Genomic DNA preparation was performed as previously described (Ogino et al., 2017). Genotyping for the Reln (Koie et al., 2014), Vldlr (Frykman et al., 1995; Hirota and Nakajima, 2020), Adamts3 (Ogino et al., 2017), and RelnPA-DV (Okugawa et al., 2020) mice were performed as previously described. Dab1yot mice were genotyped by PCR (32 cycles at 94°C for 15 s, 64°C for 20 s, and 72°C for 45 s) using the following primers: for the wild-type (WT) allele, dab1-570 (GCCCTTCAGC ATCACCATGC T) and dab1-737 (AAAGAGATCT CTCAAGTCCA GG); for the mutant allele, dab1-570 and yot-1 (CAGTGAGTAC ATATTGTGTG AGTTCC). The sizes of the PCR products were 787 bp (WT allele) and 598 bp (mutant allele), respectively.

OPC culture

OPC culture was performed essentially as described (Arai and Lo, 2009). Briefly, the neocortex from P2 to P3 Wistar/ST rats or P2 to P4 mice was dissected and digested with papain (Worthington, LS003124) at 37°C for 10–20 min. Dissociated brain cells were resuspended in DMEM (Wako, 044-29765) supplemented with 10% FBS (Nichirei Biosciences, 175012) and 50 µg/ml penicillin/50 units/ml streptomycin (Nacalai Tesque, 09367-34) and were plated in 75-cm2 flasks (Corning, 3275). They were then cultured for 9–12 d. When the mixed glial cells reached confluency, the flasks were shaken for 30 min on an orbital shaker (100 rpm) at 37°C to remove microglia. After new medium was added, the flasks were shaken overnight at 37°C. The medium was plated on uncoated culture dishes for 1 h at 37°C to eliminate astrocytes and microglia. The nonadherent cells were collected and resuspended in Neurobasal Medium (Thermo Fisher Scientific, 21103-049) supplemented with 2% B27 (Thermo Fisher Scientific, 17503-044), 50 units/ml penicillin/streptomycin, 1% GlutaMAX (Thermo Fisher Scientific, 35050-061), 10 ng/µl PDGF (Funakoshi, AF-100-13A), and 10 ng/µl fibroblast growth factor 2 (FGF2; Funakoshi, 100-18B). The cells were and plated on the poly-L-lysine (PLL)-coated coverslips or wells. For siRNA transfection, OPCs were seeded at 4.0 × 103 cells/cm2 onto the PLL-coated coverslips. Transfection was performed on the next day of seeding.

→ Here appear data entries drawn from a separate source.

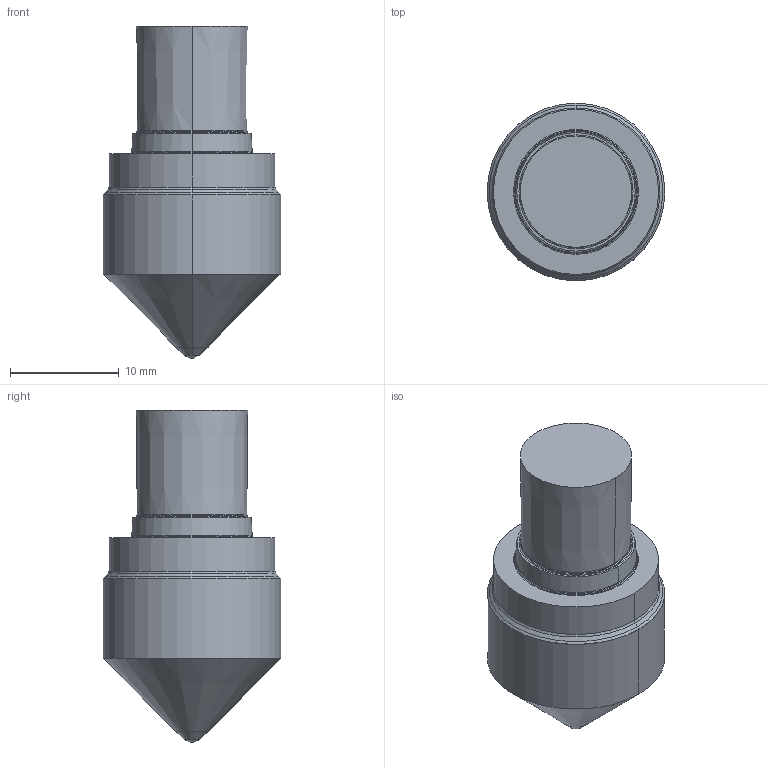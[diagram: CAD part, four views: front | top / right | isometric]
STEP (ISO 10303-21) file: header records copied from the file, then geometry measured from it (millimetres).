
FILE_DESCRIPTION((''),'2;1');
FILE_NAME('45N16015TRRA45','2015-11-24T',('thielmann'),(''),'PRO/ENGINEER BY PARAMETRIC TECHNOLOGY CORPORATION, 2011490','PRO/ENGINEER BY PARAMETRIC TECHNOLOGY CORPORATION, 2011490','');
FILE_SCHEMA(('AUTOMOTIVE_DESIGN { 1 2 10303 214 0 1 1 1 }'));
Length unit declared in the file: millimetre
Products named in the file (3): NOCUT; CUT; 45N16015TRRA45
Assembly tree (2 placements, depth 2):
  45N16015TRRA45
    NOCUT
    CUT
Bounding box: 16.35 x 16.35 x 30.55 mm (x, y, z)
Volume: 3783.4 mm3; surface area: 1839.3 mm2
Topology: 2 solids, 2 shells, 40 faces, 78 edges, 46 vertices
Faces by surface type: cone 26, plane 6, cylinder 6, torus 2
Entity records: 1496 total; most frequent: DIRECTION 230, CARTESIAN_POINT 181, ORIENTED_EDGE 152, AXIS2_PLACEMENT_3D 98, PRESENTATION_STYLE_ASSIGNMENT 85, STYLED_ITEM 85, CURVE_STYLE 83, EDGE_CURVE 76

For immunoprecipitation, OPCs were seeded at 2.7 × 105 cells/cm2 onto the PLL-coated wells and were incubated with control or Reelin for 20 min on day 2 or day 3 when the OPCs were almost confluent. For a proliferation assay, OPCs were seeded at 1.5 × 103 cells/cm2 onto the PLL-coated coverslips. OPCs were treated with control or Reelin-containing medium on day 2 for 24 h, and 10 μm BrdU was added in the last 5 h. For quantitative RT-PCR (qRT-PCR), OPCs were seeded at 2.7 × 105 cells/cm2 onto the PLL-coated wells and were incubated with control or Reelin containing medium for 24 h on day 2 or day 3 when OPCs reached 80–90% confluence.

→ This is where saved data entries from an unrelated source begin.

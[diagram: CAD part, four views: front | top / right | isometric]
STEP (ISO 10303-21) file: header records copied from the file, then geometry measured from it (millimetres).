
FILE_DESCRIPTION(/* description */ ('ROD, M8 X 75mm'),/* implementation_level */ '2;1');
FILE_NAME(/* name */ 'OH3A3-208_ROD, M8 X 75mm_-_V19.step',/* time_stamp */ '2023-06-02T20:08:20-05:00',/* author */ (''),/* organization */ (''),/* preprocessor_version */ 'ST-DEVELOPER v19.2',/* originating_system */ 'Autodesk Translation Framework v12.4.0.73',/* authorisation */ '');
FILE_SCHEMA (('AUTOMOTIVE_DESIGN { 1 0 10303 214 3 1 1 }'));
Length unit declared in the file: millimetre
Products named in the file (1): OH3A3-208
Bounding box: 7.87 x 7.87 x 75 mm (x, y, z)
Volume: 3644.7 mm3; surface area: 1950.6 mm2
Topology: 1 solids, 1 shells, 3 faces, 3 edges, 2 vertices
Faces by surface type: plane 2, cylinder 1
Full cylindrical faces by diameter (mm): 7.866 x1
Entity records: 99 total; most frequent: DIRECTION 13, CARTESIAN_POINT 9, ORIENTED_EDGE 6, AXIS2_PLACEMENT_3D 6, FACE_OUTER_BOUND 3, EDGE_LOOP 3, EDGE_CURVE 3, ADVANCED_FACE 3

A Boyden chamber assay was performed using polyethylene terephthalate filters (8-µm pore) coated with PLL in 24-well translucent cell culture inserts (Falcon, 353097) essentially as described previously (Miyamoto et al., 2008). Briefly, OPCs (1 × 105 cells for rat OPCs, 2 × 104 cells for mouse OPCs) in 300 µl of the medium per inserts were loaded into the upper wells, while the lower wells contained 750 µl of control or Reelin-containing medium with 10 μm AraC. The inhibitory effect of AraC on the OPC proliferation was confirmed in a separate experiment (data not shown). After a 10-min incubation at 37°C, half of the culture medium in the inserts were changed to control or Reelin containing medium and incubated for 24 h at 37°C.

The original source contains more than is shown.